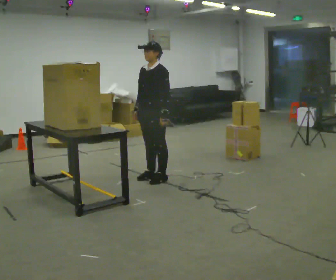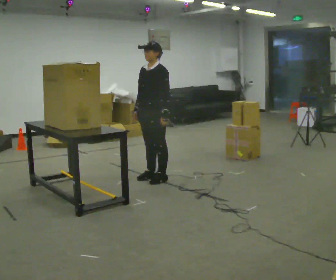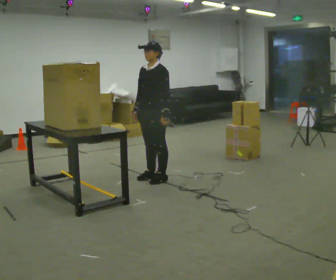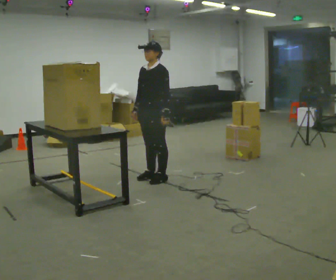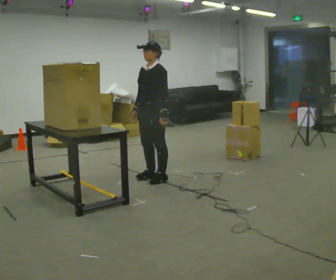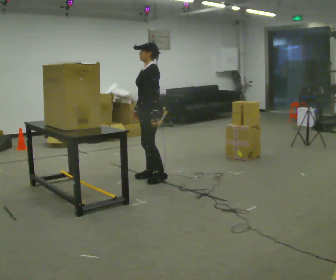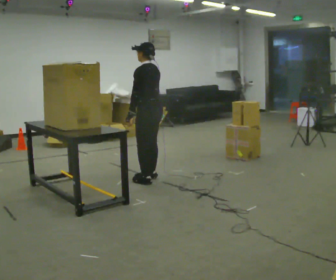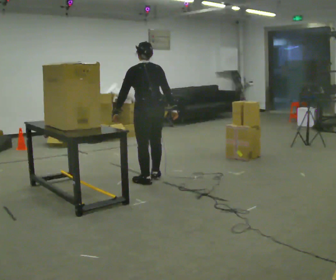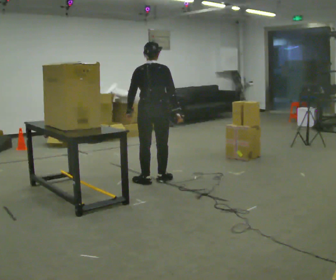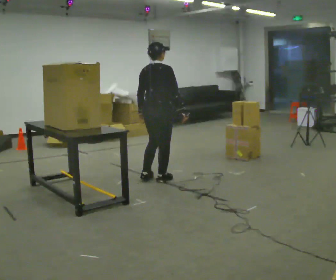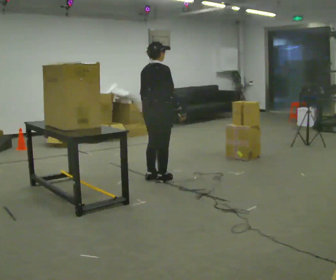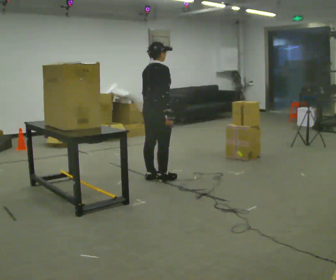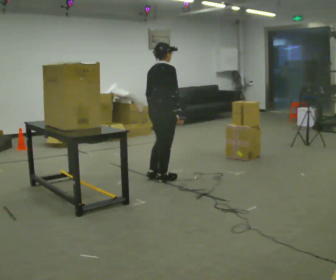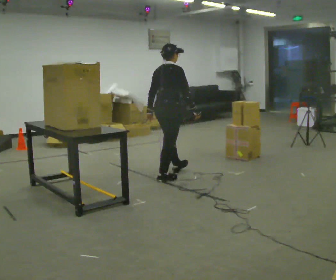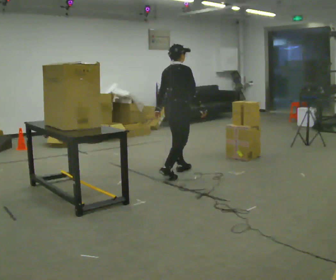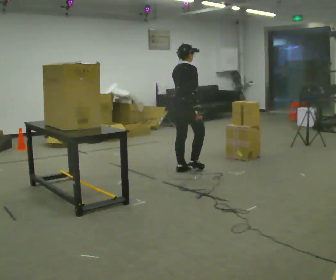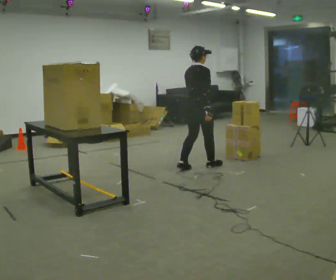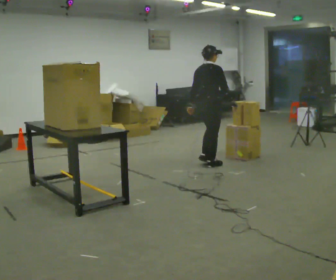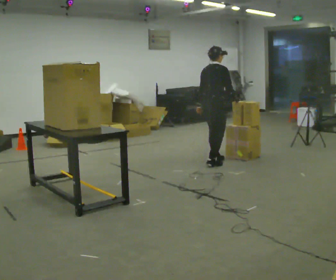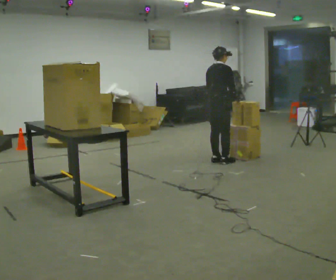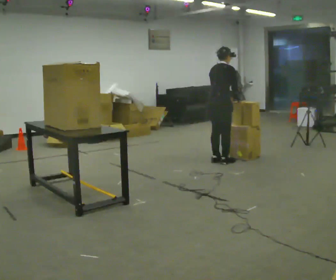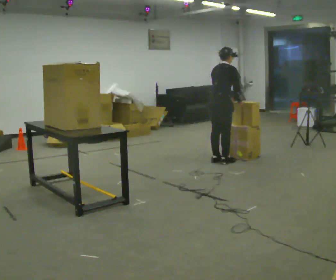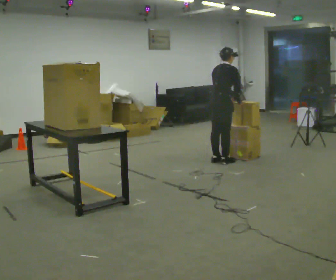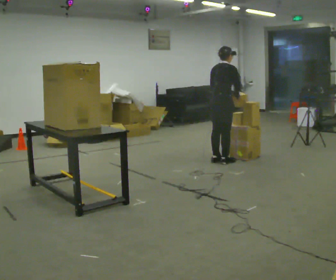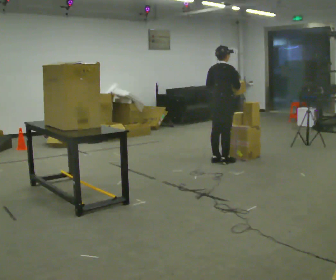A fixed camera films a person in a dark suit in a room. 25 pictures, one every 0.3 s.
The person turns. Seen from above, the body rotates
clockwise.
The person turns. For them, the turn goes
to their right.
0.0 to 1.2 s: The person moves a little, or ends about where they began.
1.2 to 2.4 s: The part of the body nearest the lens slides to the left as the person turns to their right by about 135 degrees. In the picture their right hand goes to the right, the arm swinging counterclockwise.
2.4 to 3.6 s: Seen from above the body turns clockwise, about 45 degrees: to their right, with its near side sliding to the left.
3.6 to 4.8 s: In the picture they go away from the camera and to the right, about 0.75 m in 2 steps, which for them is forward.
4.8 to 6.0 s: In the picture they go to the right and away from the camera, about 0.5 m in 2 steps, which for them is forward.
6.0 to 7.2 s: The person moves a little, or ends about where they began.
The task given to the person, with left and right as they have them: Take an object from the waist-height shelf, carry it across the room, and place it on the highest shelf you can comfortably reach. Keep going until the operator says stop; one object at a time, and do not rush between trips.
The film runs forward here.

### Assigned task
Only the pictures stay behind; everything else in the data above is to be retyped exactly.

### Written answer
A fixed camera films a person in a dark suit in a room. 25 pictures, one every 0.3 s.
The person turns. Seen from above, the body rotates
clockwise.
The person turns. For them, the turn goes
to their right.
0.0 to 1.2 s: The person moves a little, or ends about where they began.
1.2 to 2.4 s: The part of the body nearest the lens slides to the left as the person turns to their right by about 135 degrees. In the picture their right hand goes to the right, the arm swinging counterclockwise.
2.4 to 3.6 s: Seen from above the body turns clockwise, about 45 degrees: to their right, with its near side sliding to the left.
3.6 to 4.8 s: In the picture they go away from the camera and to the right, about 0.75 m in 2 steps, which for them is forward.
4.8 to 6.0 s: In the picture they go to the right and away from the camera, about 0.5 m in 2 steps, which for them is forward.
6.0 to 7.2 s: The person moves a little, or ends about where they began.
The task given to the person, with left and right as they have them: Take an object from the waist-height shelf, carry it across the room, and place it on the highest shelf you can comfortably reach. Keep going until the operator says stop; one object at a time, and do not rush between trips.
The film runs forward here.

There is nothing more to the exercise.